#### What the task asks:
Look through the data below and return each line where "outdoors" appears.

#### Extracted records:
━━━
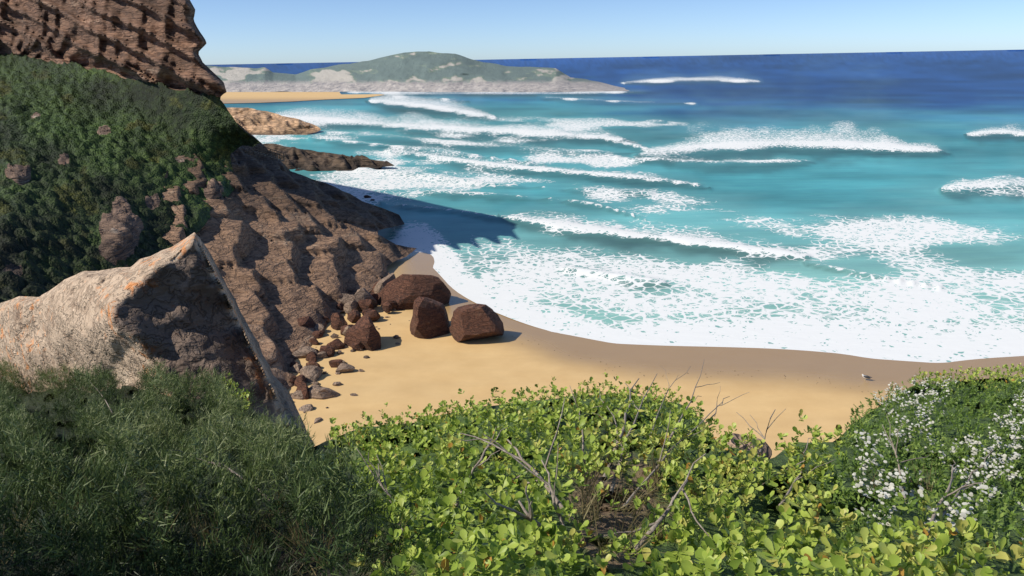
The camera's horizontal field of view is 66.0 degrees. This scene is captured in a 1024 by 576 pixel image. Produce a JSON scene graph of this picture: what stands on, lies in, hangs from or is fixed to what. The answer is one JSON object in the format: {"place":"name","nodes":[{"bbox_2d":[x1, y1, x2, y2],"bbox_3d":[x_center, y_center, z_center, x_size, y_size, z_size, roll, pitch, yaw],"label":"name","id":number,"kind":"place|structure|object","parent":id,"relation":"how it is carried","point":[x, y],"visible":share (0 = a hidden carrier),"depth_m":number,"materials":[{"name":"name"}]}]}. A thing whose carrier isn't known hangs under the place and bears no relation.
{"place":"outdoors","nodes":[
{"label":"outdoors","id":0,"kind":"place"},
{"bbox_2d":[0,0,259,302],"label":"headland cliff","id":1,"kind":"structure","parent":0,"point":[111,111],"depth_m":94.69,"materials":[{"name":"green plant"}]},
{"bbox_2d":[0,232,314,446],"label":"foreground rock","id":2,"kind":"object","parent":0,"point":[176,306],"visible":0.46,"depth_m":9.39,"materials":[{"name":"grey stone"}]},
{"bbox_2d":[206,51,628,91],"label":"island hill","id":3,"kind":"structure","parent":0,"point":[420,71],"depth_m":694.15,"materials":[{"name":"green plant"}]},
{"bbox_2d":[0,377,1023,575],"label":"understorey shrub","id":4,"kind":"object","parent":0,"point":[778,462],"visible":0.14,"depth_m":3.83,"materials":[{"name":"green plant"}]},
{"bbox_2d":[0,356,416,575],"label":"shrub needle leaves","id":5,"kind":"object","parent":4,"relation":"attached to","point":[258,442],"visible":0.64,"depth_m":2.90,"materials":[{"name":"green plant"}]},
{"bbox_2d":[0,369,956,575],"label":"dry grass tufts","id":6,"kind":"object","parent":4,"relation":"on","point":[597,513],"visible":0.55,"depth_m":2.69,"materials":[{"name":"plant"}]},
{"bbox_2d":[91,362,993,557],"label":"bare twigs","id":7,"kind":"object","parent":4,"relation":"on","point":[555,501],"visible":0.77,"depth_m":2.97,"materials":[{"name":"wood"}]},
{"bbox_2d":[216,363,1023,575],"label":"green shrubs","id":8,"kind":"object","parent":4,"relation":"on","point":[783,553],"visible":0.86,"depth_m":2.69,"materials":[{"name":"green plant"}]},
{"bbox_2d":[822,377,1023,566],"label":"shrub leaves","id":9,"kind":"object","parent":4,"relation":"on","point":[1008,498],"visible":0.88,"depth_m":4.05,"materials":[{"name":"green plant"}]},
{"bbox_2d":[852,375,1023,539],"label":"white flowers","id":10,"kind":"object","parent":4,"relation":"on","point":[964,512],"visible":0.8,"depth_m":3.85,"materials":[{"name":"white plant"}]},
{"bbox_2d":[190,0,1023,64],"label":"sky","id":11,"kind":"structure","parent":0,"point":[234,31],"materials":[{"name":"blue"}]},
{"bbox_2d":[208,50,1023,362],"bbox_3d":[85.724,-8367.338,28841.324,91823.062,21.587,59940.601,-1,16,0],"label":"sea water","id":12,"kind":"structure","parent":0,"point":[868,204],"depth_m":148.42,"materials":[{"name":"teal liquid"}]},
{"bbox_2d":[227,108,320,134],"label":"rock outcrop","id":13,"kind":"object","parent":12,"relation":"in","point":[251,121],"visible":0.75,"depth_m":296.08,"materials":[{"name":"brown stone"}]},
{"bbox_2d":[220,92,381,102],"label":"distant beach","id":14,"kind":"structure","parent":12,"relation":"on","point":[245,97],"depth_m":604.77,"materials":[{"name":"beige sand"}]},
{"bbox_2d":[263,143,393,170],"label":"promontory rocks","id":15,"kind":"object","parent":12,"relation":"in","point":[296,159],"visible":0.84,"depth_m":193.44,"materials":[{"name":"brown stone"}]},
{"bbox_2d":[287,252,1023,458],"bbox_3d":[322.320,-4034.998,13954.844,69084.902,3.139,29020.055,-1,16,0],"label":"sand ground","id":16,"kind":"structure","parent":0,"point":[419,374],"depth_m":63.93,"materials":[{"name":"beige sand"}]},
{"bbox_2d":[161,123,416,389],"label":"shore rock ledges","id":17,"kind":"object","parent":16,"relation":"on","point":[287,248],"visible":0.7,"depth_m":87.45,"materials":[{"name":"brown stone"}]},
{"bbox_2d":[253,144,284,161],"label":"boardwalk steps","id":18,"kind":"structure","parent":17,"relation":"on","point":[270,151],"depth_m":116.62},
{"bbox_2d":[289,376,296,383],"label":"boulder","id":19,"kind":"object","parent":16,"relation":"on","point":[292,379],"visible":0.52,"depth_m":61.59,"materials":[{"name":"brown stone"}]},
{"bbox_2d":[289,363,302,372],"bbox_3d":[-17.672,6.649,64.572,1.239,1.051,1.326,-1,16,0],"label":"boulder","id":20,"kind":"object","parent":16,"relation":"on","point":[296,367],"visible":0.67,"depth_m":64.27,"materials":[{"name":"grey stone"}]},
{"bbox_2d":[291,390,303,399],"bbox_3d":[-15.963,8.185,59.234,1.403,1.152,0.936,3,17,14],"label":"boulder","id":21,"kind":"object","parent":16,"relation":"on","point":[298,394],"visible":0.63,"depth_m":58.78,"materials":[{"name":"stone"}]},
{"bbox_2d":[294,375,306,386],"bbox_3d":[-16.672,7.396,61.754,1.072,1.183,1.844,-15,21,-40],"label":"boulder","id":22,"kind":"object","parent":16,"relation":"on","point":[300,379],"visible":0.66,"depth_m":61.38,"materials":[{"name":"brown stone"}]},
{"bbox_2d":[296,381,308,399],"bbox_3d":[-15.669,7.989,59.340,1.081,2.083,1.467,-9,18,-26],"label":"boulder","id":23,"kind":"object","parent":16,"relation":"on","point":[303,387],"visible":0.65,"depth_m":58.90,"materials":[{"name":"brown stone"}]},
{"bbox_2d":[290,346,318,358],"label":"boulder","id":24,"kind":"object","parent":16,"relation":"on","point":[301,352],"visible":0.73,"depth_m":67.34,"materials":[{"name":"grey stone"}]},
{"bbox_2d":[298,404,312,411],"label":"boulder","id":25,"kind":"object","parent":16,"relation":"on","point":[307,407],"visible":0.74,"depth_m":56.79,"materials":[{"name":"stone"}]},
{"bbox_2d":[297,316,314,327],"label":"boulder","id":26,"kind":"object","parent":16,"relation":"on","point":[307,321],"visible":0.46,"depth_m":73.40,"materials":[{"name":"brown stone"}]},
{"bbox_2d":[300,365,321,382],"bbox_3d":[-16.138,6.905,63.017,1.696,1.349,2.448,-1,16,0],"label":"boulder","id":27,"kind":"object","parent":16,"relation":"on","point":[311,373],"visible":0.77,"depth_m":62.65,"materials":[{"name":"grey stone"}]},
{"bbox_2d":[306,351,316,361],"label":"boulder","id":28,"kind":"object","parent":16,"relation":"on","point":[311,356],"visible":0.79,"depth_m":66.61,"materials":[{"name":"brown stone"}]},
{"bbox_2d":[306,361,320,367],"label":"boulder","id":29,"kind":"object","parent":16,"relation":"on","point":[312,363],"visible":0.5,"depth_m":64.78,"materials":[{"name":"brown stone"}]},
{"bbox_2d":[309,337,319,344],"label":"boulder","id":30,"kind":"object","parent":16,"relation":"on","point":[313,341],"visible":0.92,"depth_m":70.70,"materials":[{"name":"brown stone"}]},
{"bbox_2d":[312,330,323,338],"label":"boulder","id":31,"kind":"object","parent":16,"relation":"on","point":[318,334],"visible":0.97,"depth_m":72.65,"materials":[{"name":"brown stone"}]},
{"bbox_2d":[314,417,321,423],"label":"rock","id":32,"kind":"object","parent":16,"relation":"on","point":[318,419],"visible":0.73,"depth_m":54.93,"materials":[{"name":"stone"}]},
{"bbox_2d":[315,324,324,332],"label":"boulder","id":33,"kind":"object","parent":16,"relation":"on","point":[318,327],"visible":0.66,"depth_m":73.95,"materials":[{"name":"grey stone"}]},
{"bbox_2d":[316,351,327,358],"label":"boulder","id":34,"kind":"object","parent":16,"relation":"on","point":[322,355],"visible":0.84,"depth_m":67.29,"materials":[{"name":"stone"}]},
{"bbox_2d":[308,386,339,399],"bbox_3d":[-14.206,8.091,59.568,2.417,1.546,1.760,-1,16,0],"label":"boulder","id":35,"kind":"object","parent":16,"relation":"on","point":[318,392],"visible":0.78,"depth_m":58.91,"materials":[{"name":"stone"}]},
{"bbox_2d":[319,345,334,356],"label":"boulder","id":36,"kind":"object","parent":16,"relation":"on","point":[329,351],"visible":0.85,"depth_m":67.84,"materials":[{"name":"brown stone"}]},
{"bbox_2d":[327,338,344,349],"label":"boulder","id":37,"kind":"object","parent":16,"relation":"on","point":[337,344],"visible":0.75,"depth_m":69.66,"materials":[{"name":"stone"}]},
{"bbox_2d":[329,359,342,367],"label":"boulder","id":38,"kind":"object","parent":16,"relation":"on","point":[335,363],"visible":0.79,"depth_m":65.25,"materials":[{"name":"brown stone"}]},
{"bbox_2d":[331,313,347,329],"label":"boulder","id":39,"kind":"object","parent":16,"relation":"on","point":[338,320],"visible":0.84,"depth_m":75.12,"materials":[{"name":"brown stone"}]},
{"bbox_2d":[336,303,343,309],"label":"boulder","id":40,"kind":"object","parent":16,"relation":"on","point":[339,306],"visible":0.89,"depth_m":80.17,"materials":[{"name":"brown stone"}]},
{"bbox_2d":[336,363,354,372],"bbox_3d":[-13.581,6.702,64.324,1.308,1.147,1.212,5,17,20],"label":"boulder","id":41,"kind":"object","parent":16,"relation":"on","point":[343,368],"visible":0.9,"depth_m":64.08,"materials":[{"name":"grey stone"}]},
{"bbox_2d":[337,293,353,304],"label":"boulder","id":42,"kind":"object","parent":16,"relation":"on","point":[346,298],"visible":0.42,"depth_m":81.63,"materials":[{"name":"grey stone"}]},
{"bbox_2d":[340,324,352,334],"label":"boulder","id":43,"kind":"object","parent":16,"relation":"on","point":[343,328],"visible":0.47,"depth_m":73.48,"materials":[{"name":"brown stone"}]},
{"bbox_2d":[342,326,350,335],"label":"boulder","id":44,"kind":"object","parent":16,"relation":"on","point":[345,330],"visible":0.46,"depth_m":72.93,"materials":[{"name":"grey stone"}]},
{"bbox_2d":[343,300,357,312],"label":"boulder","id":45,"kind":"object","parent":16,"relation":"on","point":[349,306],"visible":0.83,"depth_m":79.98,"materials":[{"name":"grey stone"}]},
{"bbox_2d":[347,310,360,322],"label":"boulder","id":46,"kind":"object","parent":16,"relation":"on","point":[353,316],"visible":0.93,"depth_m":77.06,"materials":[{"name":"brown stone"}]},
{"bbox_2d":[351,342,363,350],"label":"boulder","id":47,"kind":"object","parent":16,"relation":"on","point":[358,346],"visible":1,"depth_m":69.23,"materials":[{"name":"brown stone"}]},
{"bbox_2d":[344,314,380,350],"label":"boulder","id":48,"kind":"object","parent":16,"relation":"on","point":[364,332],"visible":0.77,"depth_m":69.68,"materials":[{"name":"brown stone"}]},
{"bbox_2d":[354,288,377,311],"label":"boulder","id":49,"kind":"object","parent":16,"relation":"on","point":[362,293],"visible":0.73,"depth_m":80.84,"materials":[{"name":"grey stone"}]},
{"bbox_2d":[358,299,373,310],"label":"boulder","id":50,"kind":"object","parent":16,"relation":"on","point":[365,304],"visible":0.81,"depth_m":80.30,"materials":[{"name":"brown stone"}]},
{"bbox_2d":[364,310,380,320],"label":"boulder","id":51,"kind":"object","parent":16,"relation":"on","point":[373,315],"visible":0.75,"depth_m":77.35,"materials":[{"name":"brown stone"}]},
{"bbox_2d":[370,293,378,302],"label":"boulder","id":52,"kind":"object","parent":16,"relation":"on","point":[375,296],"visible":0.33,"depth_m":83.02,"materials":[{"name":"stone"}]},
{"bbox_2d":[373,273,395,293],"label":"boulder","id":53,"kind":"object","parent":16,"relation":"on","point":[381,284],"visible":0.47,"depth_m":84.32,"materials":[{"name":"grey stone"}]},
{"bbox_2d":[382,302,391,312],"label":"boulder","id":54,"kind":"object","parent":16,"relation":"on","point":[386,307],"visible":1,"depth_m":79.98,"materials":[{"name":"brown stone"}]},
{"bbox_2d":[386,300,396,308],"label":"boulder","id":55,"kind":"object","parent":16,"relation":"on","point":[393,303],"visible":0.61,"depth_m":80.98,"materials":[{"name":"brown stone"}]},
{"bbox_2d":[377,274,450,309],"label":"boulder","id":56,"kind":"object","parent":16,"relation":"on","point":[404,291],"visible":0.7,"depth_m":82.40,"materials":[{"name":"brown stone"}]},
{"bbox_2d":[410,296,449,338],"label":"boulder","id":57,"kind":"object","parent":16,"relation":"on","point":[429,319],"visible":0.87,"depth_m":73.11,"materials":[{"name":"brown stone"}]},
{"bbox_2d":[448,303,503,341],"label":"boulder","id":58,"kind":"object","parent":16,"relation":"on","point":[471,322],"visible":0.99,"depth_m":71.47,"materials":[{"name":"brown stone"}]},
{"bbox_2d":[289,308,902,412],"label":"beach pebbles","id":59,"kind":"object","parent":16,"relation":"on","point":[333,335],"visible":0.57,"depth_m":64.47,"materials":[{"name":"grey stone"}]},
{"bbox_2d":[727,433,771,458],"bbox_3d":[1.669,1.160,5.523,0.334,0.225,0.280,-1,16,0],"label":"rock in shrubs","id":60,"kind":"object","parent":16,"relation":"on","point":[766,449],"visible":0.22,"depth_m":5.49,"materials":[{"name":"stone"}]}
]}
━━━
#### Response area:
{"place":"outdoors","nodes":[
{"label":"outdoors","id":0,"kind":"place"},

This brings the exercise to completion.